Он поднял на меня глаза, и в них мелькнуло что‑то похожее на удивление. Кажется, он не ожидал, что я, всегда такой сдержанный, вдруг заговорю так.
– Ты это… поосторожнее, Вань, – сказал он. – Там, за забором госпиталя, такие люди могут найтись, похоже… Они Лиду тронуть могут. А нас тут с тобой двое всего.
– Митряшову верить можно, – перебил неожиданно он. – Но по‑своему. Он прикроет, пока нужны будем. У него своя служба, но вот только мы – не в ней.
– Правильно говоришь, –я прищурился. Не зря же мы договорились о разделении, так скажем, интересов.– Верить будем. Но надеяться – только на себя. Ты – на меня, я – на тебя, у нас тут других нету. Главное – Лида и ребёнок. Поэтому ты теперь спишь здесь в коридоре, у сестринской. Я договорюсь с Покровским, поставлю тебя в ночное дежурство, придумаю чего‑нибудь. Если что – рядом лягу. Но оружие чтобы при тебе было.
– А то, – коротко ответил он, и я понял, что револьвер, который мелькнул у него в кобуре во время утреннего происшествия, никуда не делся.
Мы молчали, глядя друг на друга. О чём думал сержант разведки – я не знал. Но то, что сомнений и опаски в глазах его не было, уже радовало. Кто на что учился, конечно. Где‑то в дальней палате застонал раненый, но тут же затих.
– Ладно, Коля, иди спать, – сказал я. – Завтра тяжёлый день. Очередной. Работы много, и ещё с этим дерьмом разбираться…

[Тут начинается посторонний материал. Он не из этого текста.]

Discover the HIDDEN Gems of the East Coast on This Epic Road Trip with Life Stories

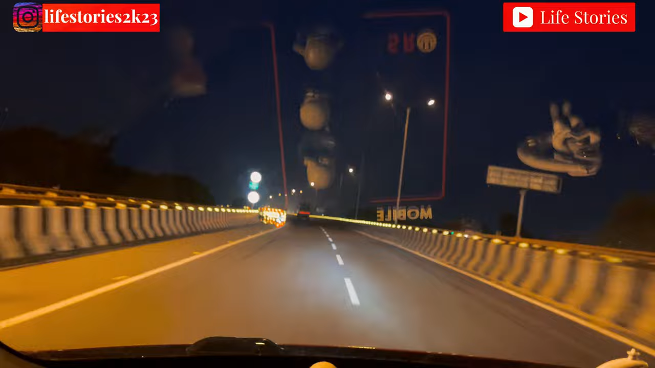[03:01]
ডান দিকে দক্ষিণেশ্বরের মা ভবতারিণীর মন্দিরকে পাশে রেখে আমরা উঠে পড়েছি নিবেদিতা সেতুতে।
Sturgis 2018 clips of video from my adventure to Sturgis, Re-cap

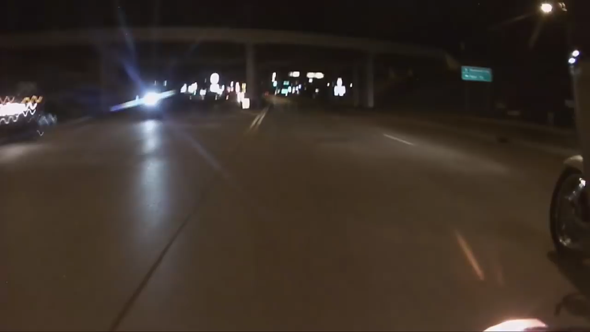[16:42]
The rainstorm started, but worse than the rain was the wind. I've never seen it blow that hard downtown. It was blowing banners tied to metal dividers like if they were on skateboards. They almost hit my bike about 2 foot away. It fell over. So we headed out of town, even though the
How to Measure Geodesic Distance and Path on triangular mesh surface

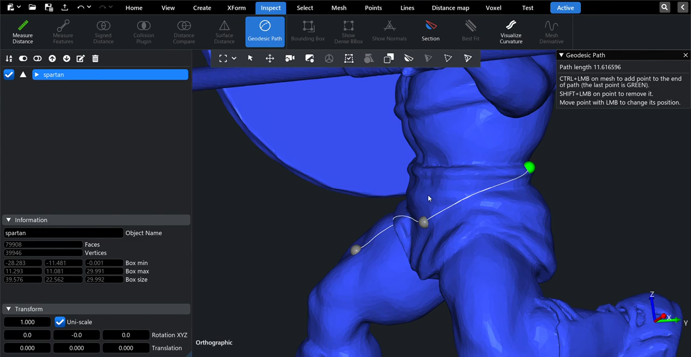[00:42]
Also you can notice that now plugin dialog shows length of the path, so you can enjoy it. Thank you for watching. Goodbye.
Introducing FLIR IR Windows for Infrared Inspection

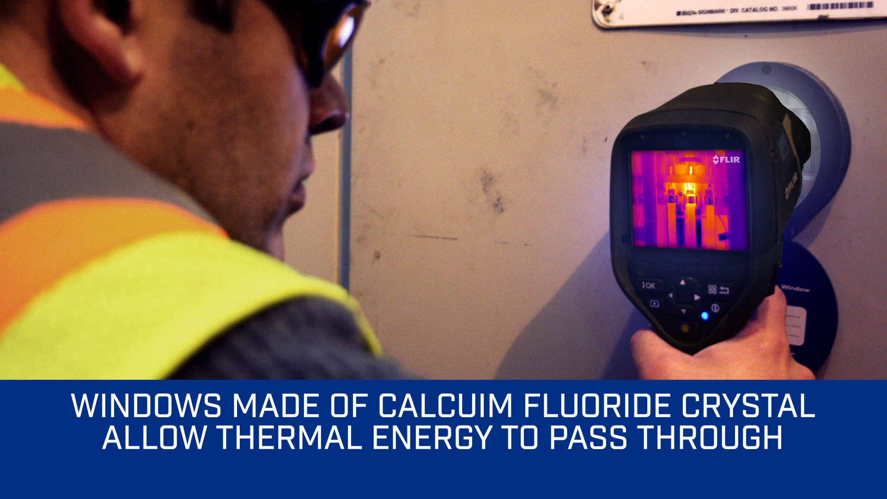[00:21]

Он кивнул и вышел. Я остался один.
Вот как не вовремя‑то всё… В редкие тихие минуты по дороге сюда, этот этап виделся мне как‑то иначе, гораздо спокойнее. Но кто ж знал, как всё обернётся?
Я достал из тумбочки чистый лист бумаги, поставил удобнее чернильницу, взял перо. Оно скрипнуло, оставляя на шершавой бумаге первые буквы. Ворьё – ворьём, но то, что я должен был сделать, могло и должно было спасти тысячи, если не десятки тысяч живых людей. И это нужно было сделать, тем более, если появлялись шансы умереть не от фашистской пули или бомбы, а на ноже какой‑нибудь твари.